## [How to complete this task]
Pictures aside, copy every record word for word.

## [Provided entries]
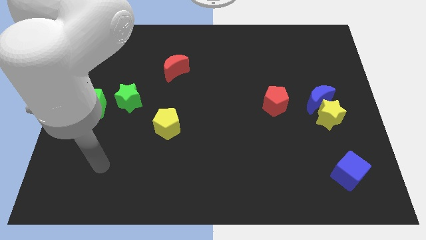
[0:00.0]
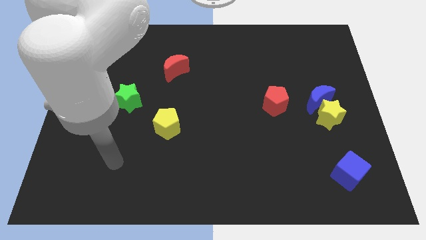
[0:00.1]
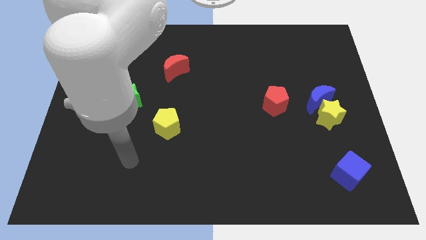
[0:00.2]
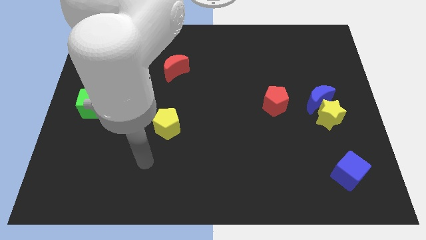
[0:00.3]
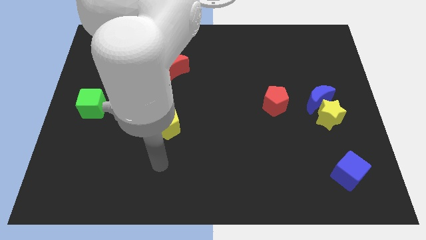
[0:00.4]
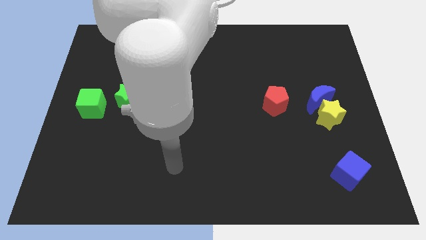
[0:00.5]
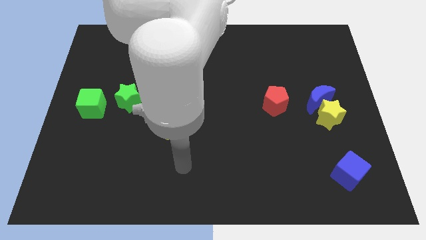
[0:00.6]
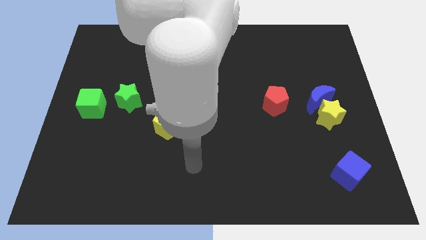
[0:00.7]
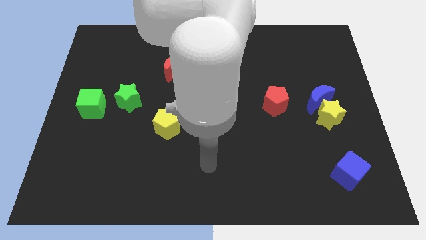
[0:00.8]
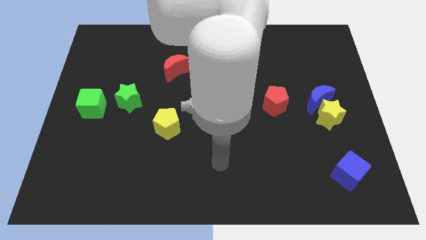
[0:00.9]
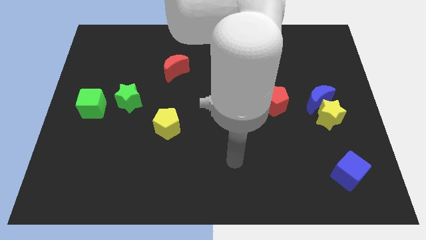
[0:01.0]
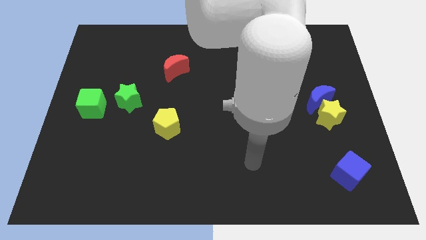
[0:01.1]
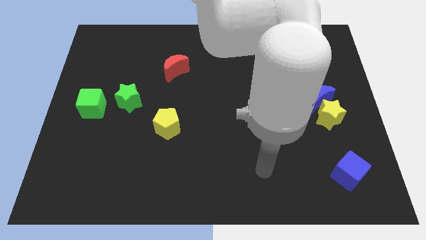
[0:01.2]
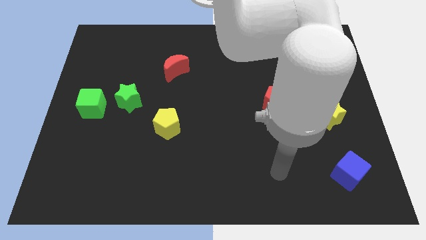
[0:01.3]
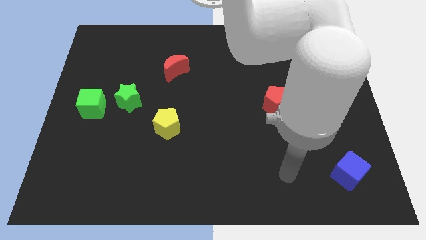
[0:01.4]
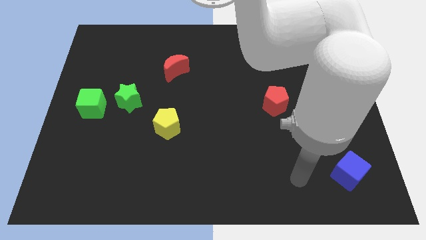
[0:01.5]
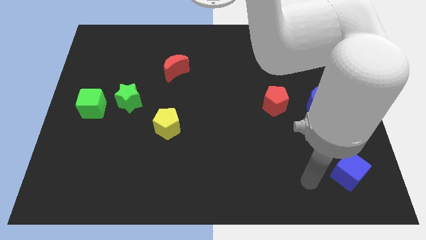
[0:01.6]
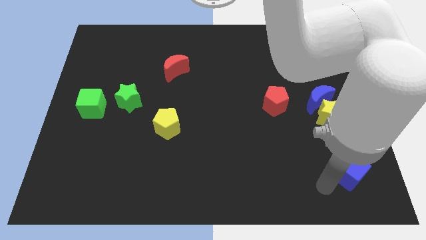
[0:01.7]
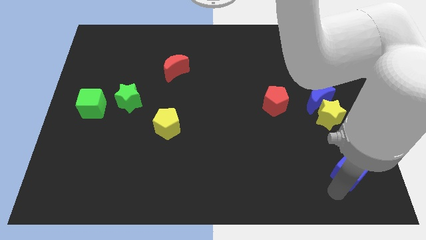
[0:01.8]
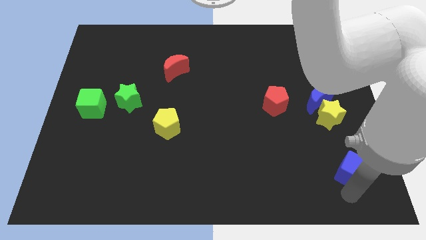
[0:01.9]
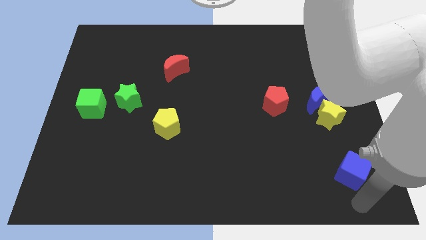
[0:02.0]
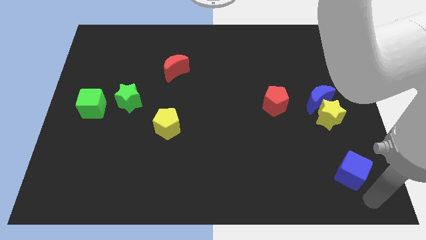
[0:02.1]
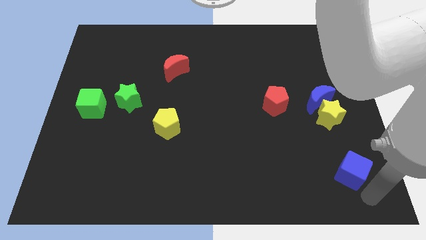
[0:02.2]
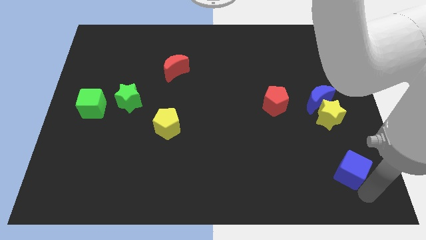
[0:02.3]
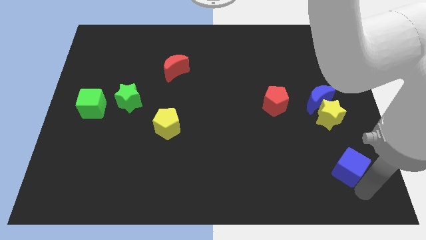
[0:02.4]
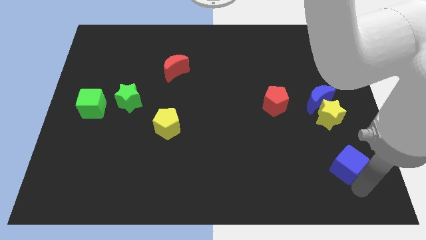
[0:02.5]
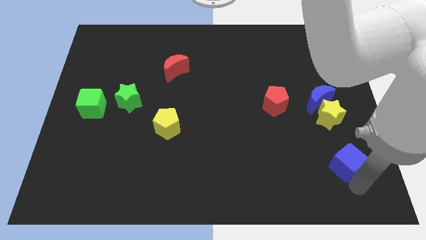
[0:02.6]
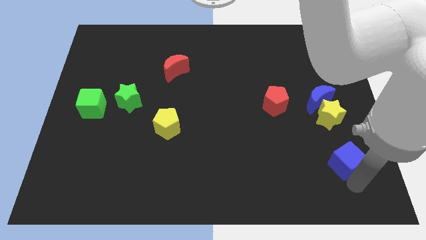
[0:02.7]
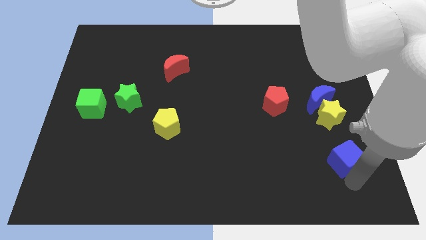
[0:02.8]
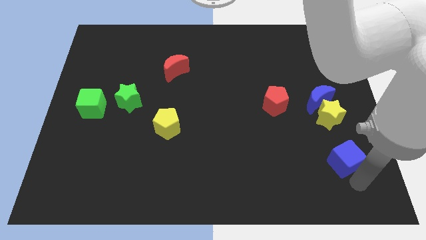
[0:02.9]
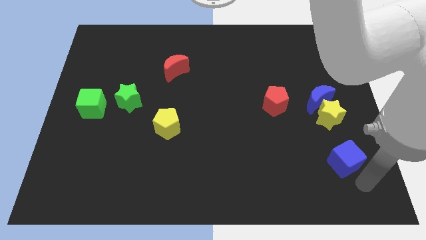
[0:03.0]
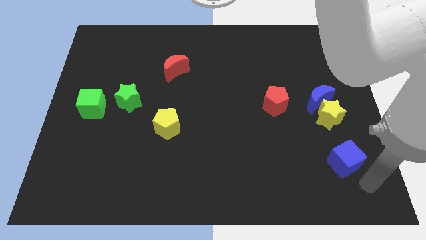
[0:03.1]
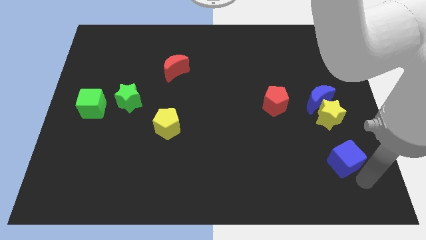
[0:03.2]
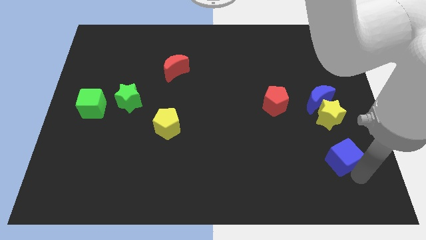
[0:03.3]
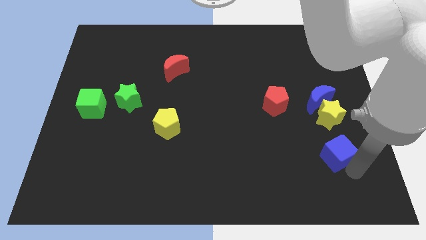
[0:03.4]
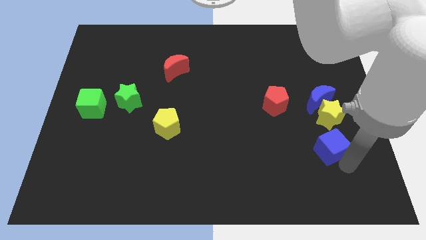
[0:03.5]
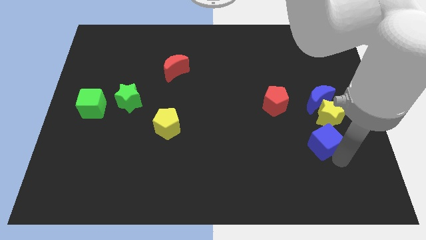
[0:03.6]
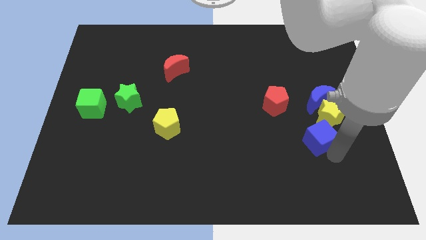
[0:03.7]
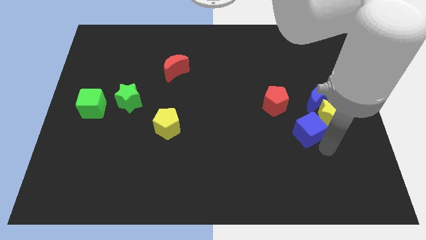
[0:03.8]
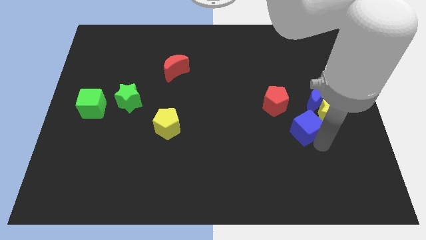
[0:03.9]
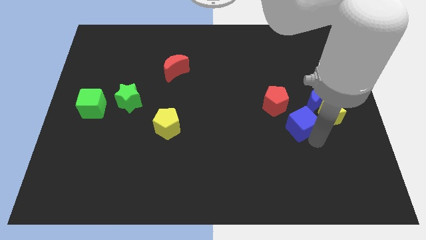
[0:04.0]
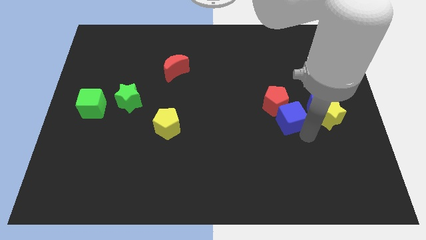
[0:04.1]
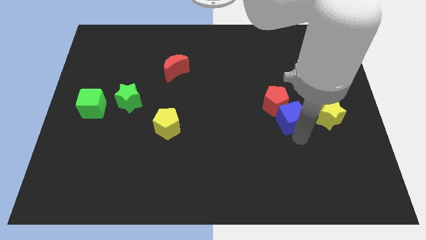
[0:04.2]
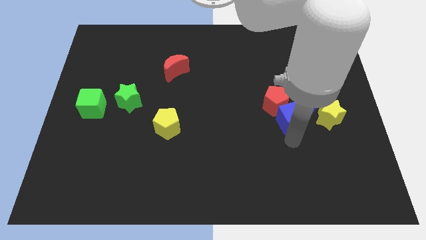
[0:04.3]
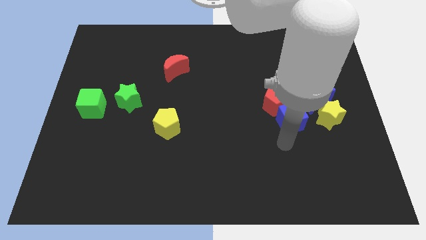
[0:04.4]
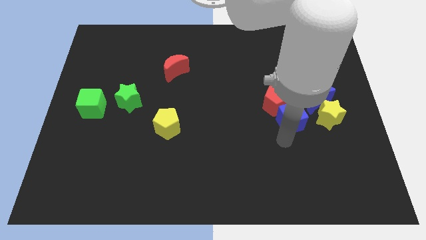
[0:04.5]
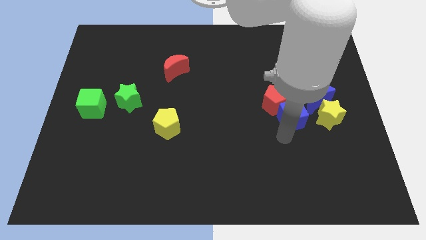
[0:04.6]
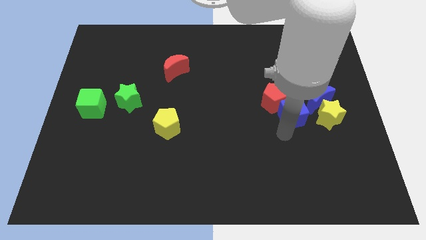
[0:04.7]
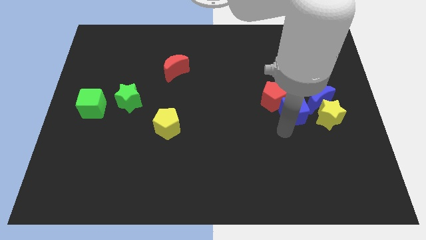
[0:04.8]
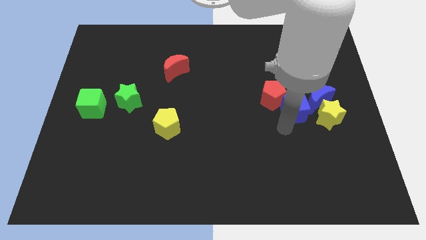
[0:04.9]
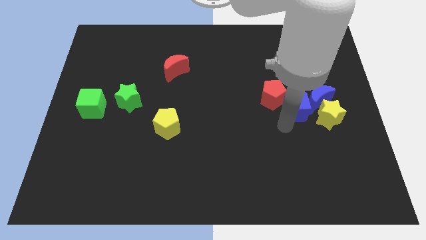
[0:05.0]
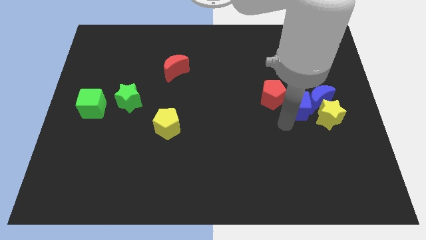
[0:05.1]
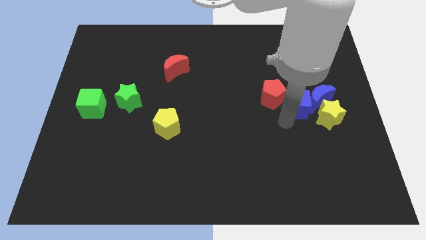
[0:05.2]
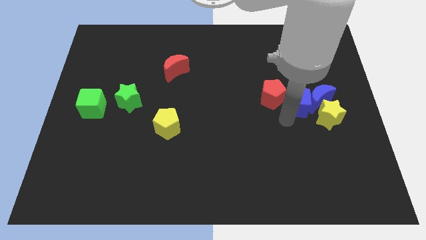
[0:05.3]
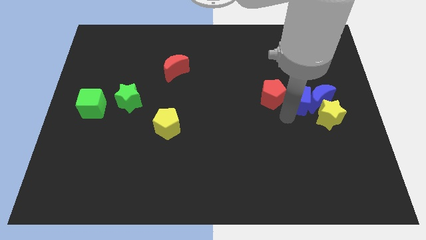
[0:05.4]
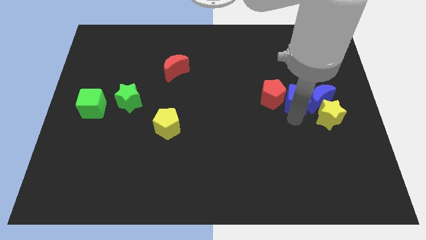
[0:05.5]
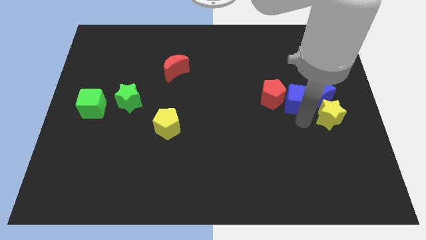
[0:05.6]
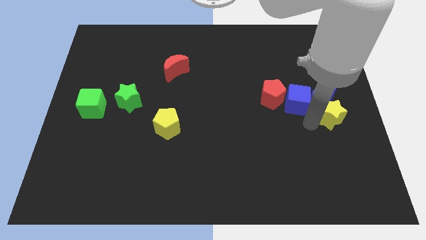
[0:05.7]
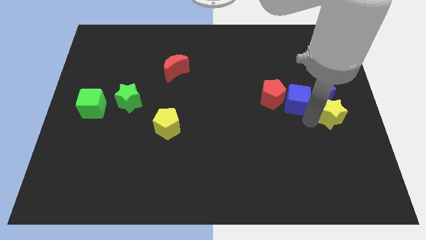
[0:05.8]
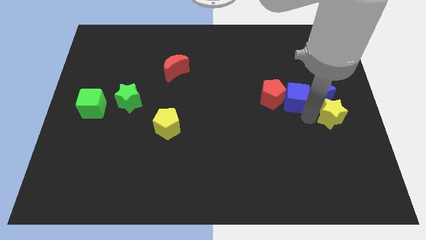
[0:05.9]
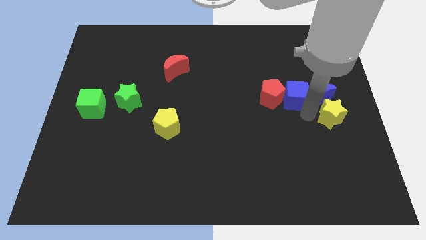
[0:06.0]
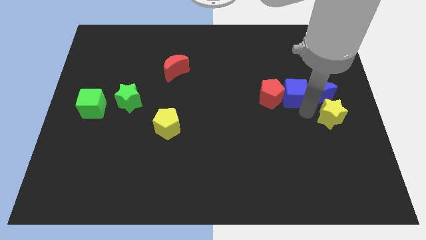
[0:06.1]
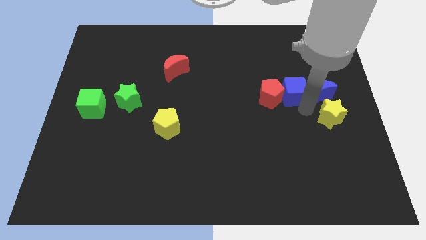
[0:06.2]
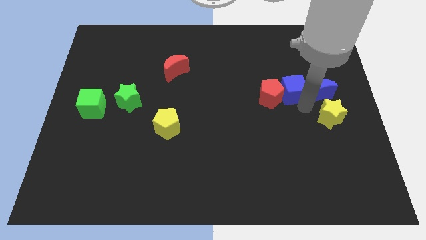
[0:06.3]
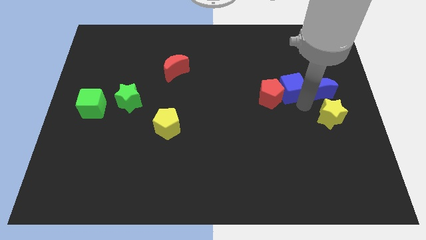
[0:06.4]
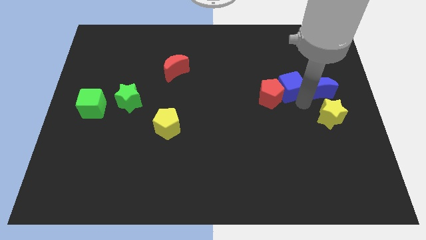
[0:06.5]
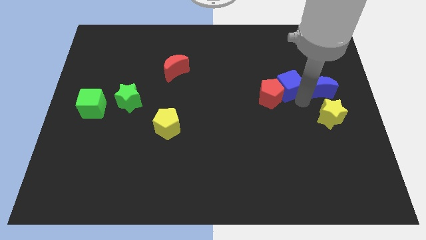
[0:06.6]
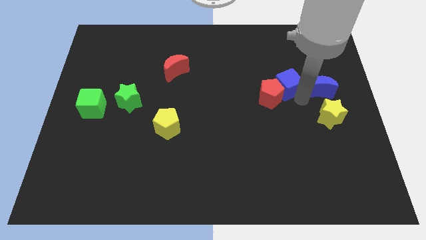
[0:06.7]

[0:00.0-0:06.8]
push the blue cube above the red pentagon

## [Solution to the problem]
[0:00.0]
[0:00.1]
[0:00.2]
[0:00.3]
[0:00.4]
[0:00.5]
[0:00.6]
[0:00.7]
[0:00.8]
[0:00.9]
[0:01.0]
[0:01.1]
[0:01.2]
[0:01.3]
[0:01.4]
[0:01.5]
[0:01.6]
[0:01.7]
[0:01.8]
[0:01.9]
[0:02.0]
[0:02.1]
[0:02.2]
[0:02.3]
[0:02.4]
[0:02.5]
[0:02.6]
[0:02.7]
[0:02.8]
[0:02.9]
[0:03.0]
[0:03.1]
[0:03.2]
[0:03.3]
[0:03.4]
[0:03.5]
[0:03.6]
[0:03.7]
[0:03.8]
[0:03.9]
[0:04.0]
[0:04.1]
[0:04.2]
[0:04.3]
[0:04.4]
[0:04.5]
[0:04.6]
[0:04.7]
[0:04.8]
[0:04.9]
[0:05.0]
[0:05.1]
[0:05.2]
[0:05.3]
[0:05.4]
[0:05.5]
[0:05.6]
[0:05.7]
[0:05.8]
[0:05.9]
[0:06.0]
[0:06.1]
[0:06.2]
[0:06.3]
[0:06.4]
[0:06.5]
[0:06.6]
[0:06.7]

[0:00.0-0:06.8]
push the blue cube above the red pentagon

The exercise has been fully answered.